Segment Start: The data

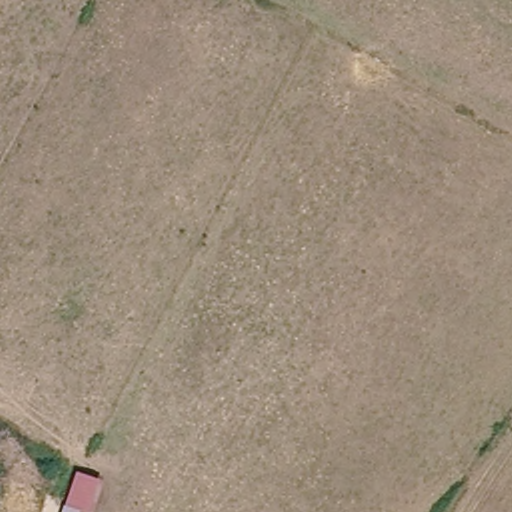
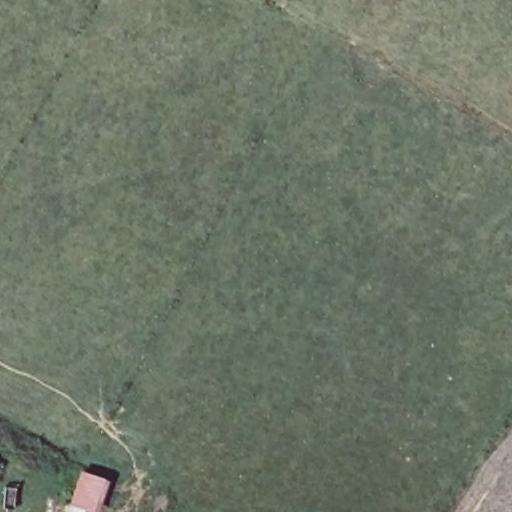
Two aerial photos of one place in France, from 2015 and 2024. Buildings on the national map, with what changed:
unchanged [(94,512),(84,510),(83,512),(62,512),(76,470),(105,480),(94,512)]

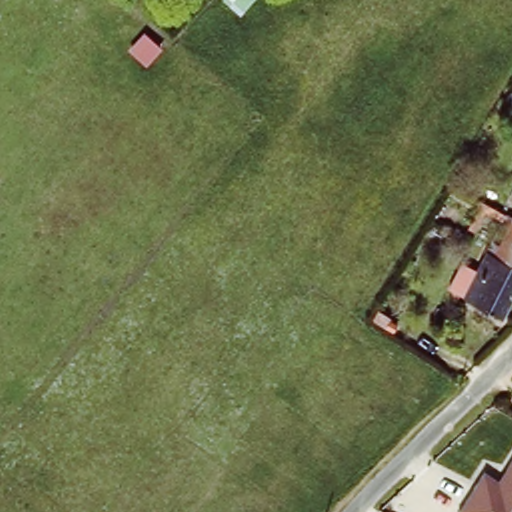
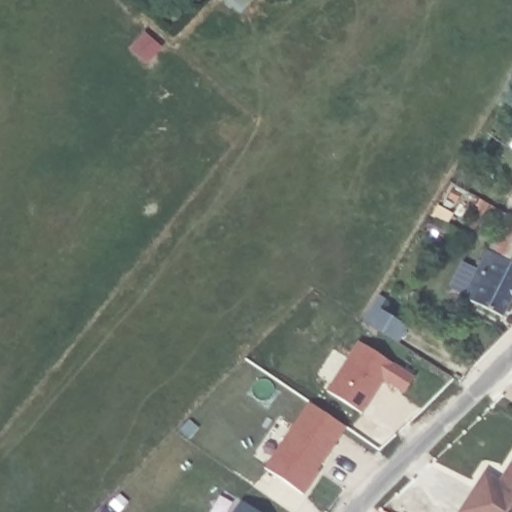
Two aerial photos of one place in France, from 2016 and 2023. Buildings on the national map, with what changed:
unchanged [(472,297),(485,273),(476,269),(487,247),(496,251),(512,221),(512,301),(505,315),(472,297)]
new [(358,342),(413,378),(404,393),(383,380),(361,414),(326,392),(358,342)]
new [(302,493),(264,467),(308,403),(346,429),(302,493)]
unchanged [(512,512),(457,512),(483,471),(498,480),(512,458),(512,512)]
new [(241,501),(257,512),(233,512),(241,501)]

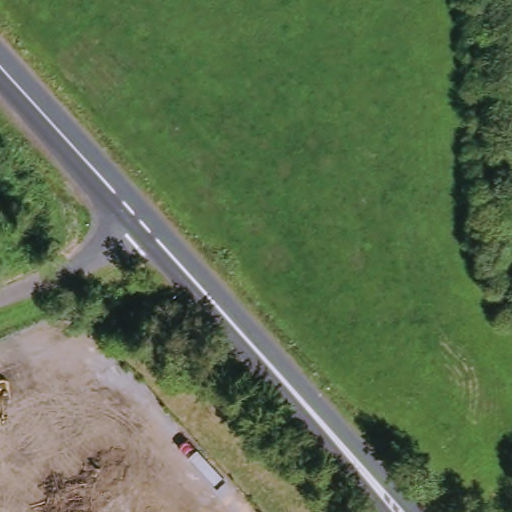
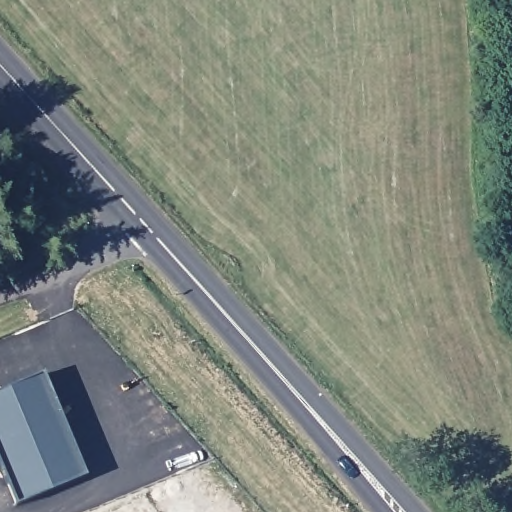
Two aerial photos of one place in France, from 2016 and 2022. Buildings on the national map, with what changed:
new [(15,507),(0,467),(0,386),(42,375),(86,477),(15,507)]

Segment End: The data

**Work required**
Begin at the line with "2016 and 2023." and retype exactly every line through the last one of the entries above, both included, and nothing more; pictures stay out.

**Output**
Two aerial photos of one place in France, from 2016 and 2023. Buildings on the national map, with what changed:
unchanged [(472,297),(485,273),(476,269),(487,247),(496,251),(512,221),(512,301),(505,315),(472,297)]
new [(358,342),(413,378),(404,393),(383,380),(361,414),(326,392),(358,342)]
new [(302,493),(264,467),(308,403),(346,429),(302,493)]
unchanged [(512,512),(457,512),(483,471),(498,480),(512,458),(512,512)]
new [(241,501),(257,512),(233,512),(241,501)]

Two aerial photos of one place in France, from 2016 and 2022. Buildings on the national map, with what changed:
new [(15,507),(0,467),(0,386),(42,375),(86,477),(15,507)]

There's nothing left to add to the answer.